[Opening The records section]
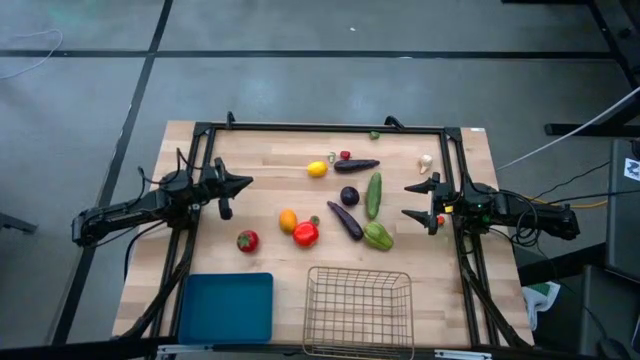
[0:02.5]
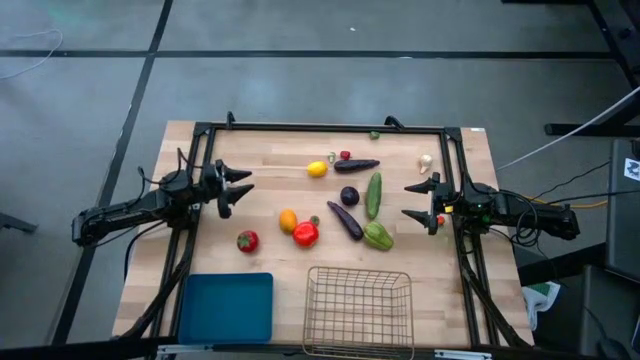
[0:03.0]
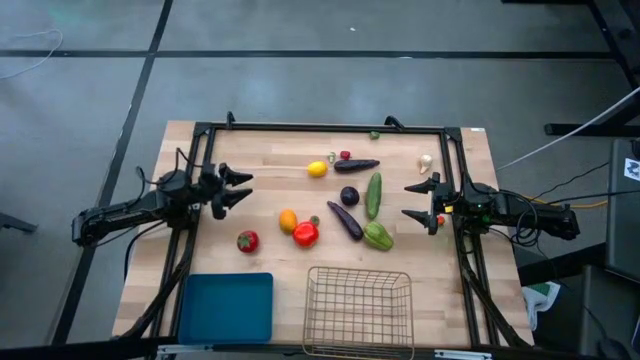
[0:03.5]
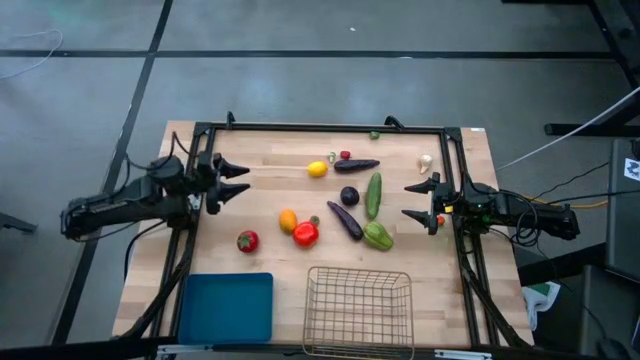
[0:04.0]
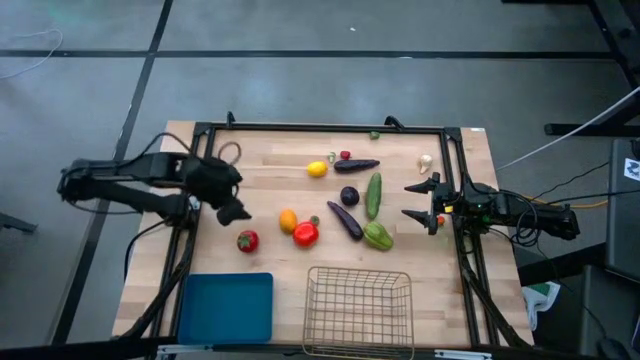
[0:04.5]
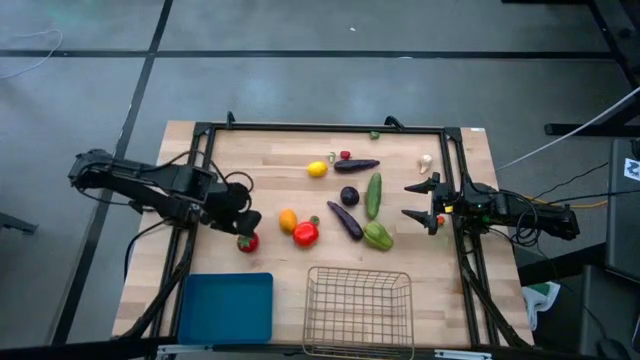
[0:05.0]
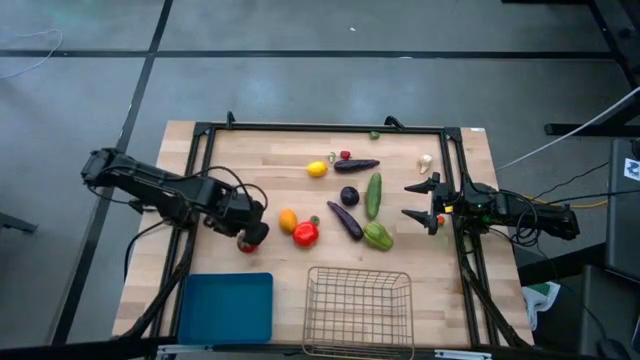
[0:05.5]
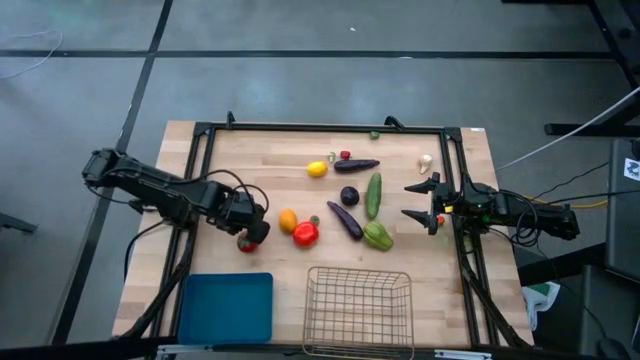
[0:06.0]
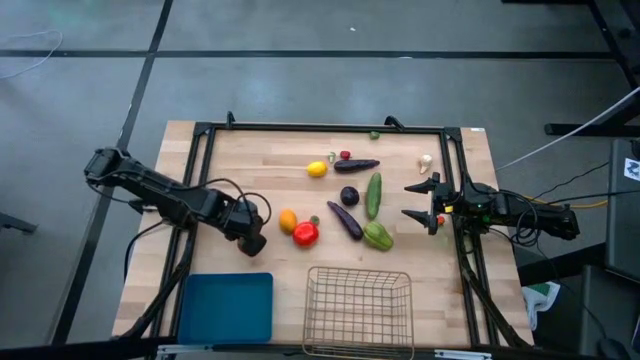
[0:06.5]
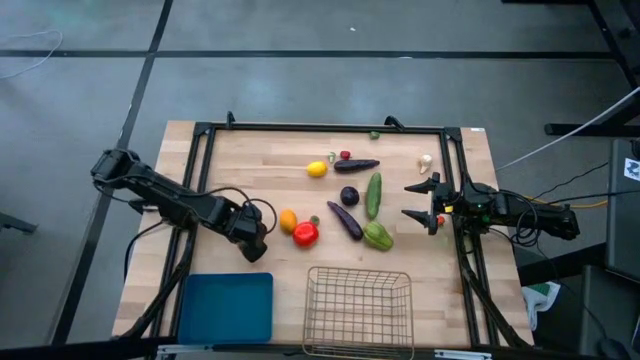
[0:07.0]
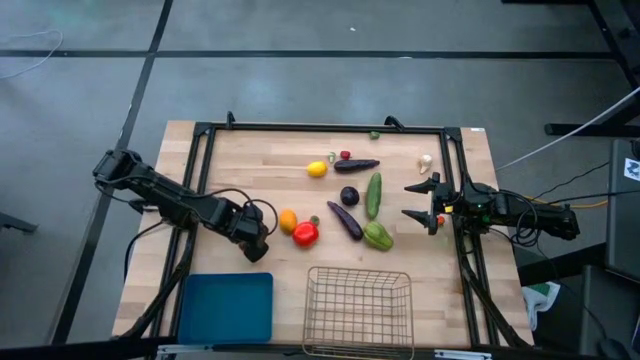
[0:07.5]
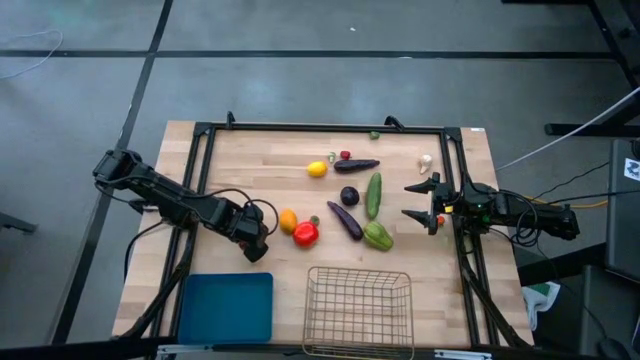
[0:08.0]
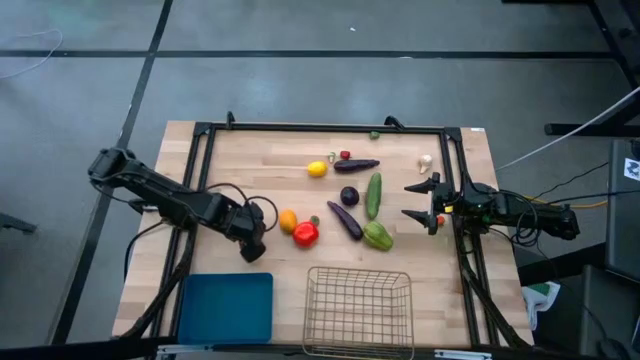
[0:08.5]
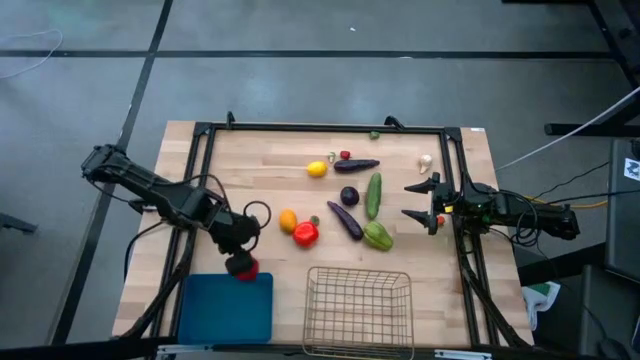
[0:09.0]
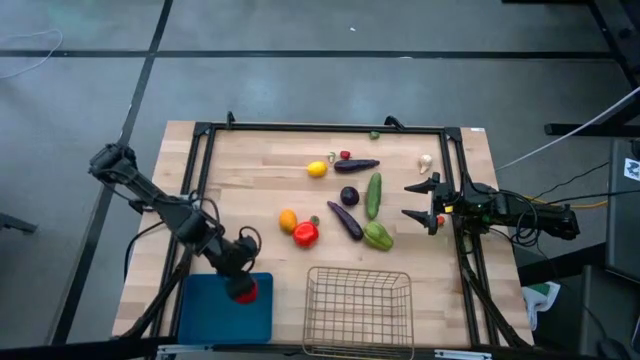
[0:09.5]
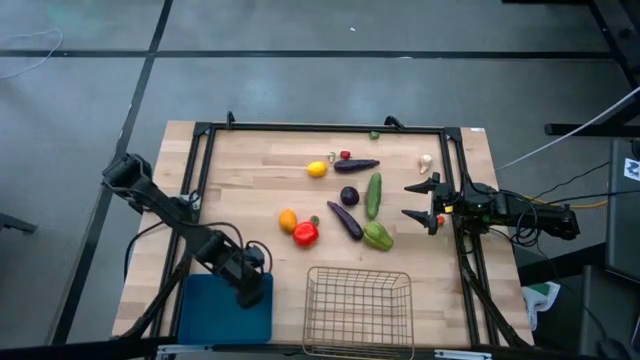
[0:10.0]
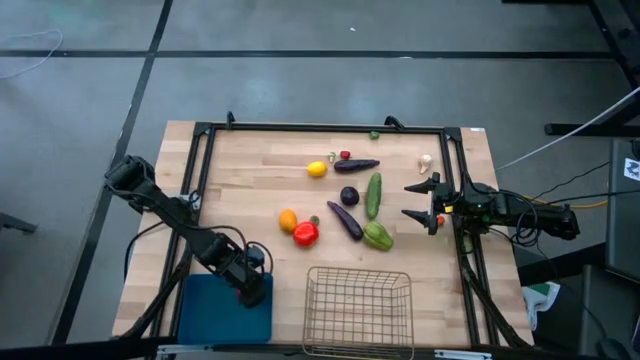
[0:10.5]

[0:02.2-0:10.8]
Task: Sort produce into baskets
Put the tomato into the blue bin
[Closing The records section]
**Problem**
When you repeat the data, keep every line exact and drop the images.

**Result of this exercise**
[0:02.5]
[0:03.0]
[0:03.5]
[0:04.0]
[0:04.5]
[0:05.0]
[0:05.5]
[0:06.0]
[0:06.5]
[0:07.0]
[0:07.5]
[0:08.0]
[0:08.5]
[0:09.0]
[0:09.5]
[0:10.0]
[0:10.5]

[0:02.2-0:10.8]
Task: Sort produce into baskets
Put the tomato into the blue bin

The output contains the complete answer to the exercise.